**EXERCISE MATERIALS**

--------------------------------

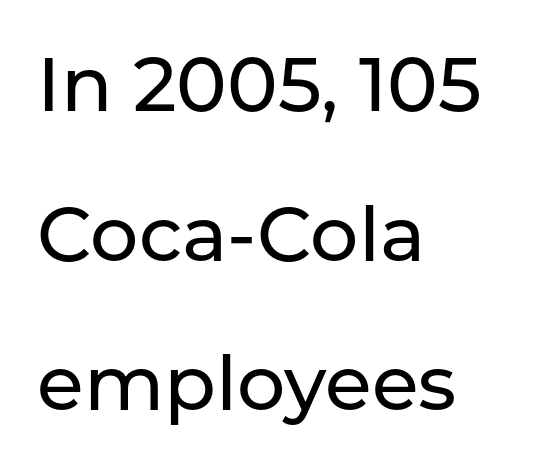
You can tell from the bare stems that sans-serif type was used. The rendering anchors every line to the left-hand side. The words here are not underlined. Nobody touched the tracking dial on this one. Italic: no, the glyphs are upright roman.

--------------------------------

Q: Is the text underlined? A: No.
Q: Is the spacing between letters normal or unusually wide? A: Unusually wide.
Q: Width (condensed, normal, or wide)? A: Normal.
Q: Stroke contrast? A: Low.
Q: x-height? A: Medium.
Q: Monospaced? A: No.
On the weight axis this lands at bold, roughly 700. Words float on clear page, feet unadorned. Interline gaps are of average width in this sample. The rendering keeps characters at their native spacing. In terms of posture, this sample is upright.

--------------------------------

**EXERCISE DETAILS**
Every line where "spacing" appears must be returned from the listing above.

**EXPECTED ANSWER**
Q: Is the spacing between letters normal or unusually wide? A: Unusually wide.
On the weight axis this lands at bold, roughly 700. Words float on clear page, feet unadorned. Interline gaps are of average width in this sample. The rendering keeps characters at their native spacing. In terms of posture, this sample is upright.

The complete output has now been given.